_Problem to work on_: Please write out, exactly, every line of the listing from its first line through the one that includes "cover by kind: broadleaved forest trees 50".

_Information provided_:
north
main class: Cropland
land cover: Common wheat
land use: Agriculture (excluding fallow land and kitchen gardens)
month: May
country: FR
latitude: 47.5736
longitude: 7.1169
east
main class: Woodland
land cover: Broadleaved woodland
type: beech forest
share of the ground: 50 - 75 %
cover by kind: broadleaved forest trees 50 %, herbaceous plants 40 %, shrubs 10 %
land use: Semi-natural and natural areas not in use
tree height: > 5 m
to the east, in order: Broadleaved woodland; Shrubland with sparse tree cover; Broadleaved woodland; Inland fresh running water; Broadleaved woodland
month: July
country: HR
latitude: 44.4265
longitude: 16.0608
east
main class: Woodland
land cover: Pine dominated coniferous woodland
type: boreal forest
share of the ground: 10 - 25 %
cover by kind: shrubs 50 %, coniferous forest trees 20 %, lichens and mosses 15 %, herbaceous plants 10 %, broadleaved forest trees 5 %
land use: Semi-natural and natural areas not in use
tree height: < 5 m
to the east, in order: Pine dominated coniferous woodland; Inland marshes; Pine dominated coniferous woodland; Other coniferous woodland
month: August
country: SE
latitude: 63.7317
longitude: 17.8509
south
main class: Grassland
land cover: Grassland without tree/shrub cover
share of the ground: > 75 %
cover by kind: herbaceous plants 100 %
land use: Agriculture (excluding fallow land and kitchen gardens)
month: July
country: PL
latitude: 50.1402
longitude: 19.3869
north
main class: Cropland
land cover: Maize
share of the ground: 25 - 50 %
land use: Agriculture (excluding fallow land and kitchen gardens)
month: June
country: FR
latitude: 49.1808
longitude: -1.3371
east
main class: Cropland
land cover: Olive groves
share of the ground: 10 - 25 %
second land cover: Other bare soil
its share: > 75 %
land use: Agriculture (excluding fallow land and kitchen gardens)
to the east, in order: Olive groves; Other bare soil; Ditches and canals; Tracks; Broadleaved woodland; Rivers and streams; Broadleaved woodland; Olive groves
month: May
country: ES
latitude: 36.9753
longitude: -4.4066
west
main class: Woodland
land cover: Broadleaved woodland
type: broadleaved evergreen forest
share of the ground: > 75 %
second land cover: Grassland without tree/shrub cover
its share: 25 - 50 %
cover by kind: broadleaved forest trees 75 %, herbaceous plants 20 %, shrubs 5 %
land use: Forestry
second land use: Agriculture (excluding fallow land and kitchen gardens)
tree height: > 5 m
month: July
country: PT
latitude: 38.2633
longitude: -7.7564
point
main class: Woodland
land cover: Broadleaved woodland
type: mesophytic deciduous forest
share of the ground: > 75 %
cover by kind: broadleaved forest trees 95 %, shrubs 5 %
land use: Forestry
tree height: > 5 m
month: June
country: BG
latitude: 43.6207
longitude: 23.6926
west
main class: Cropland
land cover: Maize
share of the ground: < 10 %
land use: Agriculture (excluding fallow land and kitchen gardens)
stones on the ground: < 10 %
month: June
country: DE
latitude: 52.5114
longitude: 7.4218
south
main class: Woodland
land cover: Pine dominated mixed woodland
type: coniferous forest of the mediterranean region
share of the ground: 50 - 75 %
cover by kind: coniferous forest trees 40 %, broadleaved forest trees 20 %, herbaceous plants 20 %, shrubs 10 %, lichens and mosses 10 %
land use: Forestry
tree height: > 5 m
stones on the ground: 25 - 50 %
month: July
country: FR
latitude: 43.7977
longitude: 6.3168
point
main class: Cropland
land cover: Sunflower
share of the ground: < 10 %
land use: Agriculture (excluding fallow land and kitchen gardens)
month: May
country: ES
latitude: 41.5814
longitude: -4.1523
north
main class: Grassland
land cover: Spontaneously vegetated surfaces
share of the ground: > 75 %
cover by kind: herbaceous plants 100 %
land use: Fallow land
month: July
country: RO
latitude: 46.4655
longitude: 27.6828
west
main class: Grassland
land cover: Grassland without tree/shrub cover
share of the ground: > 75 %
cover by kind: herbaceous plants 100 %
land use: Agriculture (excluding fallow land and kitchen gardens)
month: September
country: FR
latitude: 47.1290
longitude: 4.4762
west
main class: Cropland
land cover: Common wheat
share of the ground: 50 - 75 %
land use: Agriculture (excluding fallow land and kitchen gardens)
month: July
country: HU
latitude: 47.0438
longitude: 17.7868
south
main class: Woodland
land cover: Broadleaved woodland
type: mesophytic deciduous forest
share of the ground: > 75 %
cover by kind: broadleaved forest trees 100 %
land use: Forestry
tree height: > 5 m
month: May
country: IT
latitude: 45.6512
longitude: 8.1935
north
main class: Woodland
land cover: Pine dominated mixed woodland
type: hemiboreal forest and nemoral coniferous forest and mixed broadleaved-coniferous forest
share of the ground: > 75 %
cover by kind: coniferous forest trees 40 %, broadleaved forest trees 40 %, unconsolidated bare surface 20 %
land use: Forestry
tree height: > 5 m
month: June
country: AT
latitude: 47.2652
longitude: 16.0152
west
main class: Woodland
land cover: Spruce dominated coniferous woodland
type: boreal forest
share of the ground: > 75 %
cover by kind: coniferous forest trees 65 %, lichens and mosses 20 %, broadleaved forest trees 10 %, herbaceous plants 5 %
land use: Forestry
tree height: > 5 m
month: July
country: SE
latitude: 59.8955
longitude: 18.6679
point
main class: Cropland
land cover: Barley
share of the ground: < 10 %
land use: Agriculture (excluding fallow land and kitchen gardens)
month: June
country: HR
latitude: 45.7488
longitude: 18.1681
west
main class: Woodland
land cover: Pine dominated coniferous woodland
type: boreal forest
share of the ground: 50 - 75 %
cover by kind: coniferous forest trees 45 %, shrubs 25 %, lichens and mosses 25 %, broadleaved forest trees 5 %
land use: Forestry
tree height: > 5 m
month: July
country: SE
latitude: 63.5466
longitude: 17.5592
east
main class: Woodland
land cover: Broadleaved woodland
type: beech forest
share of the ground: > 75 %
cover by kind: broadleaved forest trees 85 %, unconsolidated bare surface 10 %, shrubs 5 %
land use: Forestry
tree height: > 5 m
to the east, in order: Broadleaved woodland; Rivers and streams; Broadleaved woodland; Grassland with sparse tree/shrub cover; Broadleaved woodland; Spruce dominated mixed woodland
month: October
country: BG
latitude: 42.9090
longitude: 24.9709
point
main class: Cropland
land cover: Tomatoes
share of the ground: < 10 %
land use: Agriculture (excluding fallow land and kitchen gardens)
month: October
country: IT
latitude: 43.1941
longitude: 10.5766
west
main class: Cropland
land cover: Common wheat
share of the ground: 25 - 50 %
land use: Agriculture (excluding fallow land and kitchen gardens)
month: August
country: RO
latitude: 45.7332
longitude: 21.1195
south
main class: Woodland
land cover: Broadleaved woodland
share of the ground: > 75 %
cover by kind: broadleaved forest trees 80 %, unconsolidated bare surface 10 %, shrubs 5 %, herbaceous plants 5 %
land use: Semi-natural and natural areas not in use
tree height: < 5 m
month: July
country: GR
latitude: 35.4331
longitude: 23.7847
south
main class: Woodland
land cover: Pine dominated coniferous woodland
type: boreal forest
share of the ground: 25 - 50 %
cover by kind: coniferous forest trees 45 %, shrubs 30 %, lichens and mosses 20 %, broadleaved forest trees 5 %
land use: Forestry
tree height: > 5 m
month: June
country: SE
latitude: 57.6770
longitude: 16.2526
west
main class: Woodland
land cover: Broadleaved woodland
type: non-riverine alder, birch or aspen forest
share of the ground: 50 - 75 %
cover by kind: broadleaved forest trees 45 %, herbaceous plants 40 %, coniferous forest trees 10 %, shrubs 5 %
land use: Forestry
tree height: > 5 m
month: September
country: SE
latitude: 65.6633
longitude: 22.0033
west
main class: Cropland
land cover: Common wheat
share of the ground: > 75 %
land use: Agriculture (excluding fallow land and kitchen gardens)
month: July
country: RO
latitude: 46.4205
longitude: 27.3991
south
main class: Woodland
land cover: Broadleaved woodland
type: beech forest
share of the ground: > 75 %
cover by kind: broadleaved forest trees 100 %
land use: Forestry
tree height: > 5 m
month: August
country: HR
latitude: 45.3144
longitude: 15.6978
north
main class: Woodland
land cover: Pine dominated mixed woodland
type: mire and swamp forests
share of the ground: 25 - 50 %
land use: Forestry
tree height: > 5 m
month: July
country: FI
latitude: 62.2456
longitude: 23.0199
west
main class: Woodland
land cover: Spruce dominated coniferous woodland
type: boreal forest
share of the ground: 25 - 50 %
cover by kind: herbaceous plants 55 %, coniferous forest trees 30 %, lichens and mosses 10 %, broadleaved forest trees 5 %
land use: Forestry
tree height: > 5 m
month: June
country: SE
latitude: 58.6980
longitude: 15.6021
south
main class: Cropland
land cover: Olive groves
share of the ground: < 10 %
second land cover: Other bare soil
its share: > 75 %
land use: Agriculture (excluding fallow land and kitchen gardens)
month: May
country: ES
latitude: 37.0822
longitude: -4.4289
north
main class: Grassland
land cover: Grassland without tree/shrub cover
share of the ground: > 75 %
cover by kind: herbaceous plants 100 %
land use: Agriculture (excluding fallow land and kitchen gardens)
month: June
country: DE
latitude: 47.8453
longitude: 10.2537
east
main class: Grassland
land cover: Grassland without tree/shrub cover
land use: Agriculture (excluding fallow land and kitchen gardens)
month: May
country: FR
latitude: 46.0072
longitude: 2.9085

_Response_:
north
main class: Cropland
land cover: Common wheat
land use: Agriculture (excluding fallow land and kitchen gardens)
month: May
country: FR
latitude: 47.5736
longitude: 7.1169
east
main class: Woodland
land cover: Broadleaved woodland
type: beech forest
share of the ground: 50 - 75 %
cover by kind: broadleaved forest trees 50 %, herbaceous plants 40 %, shrubs 10 %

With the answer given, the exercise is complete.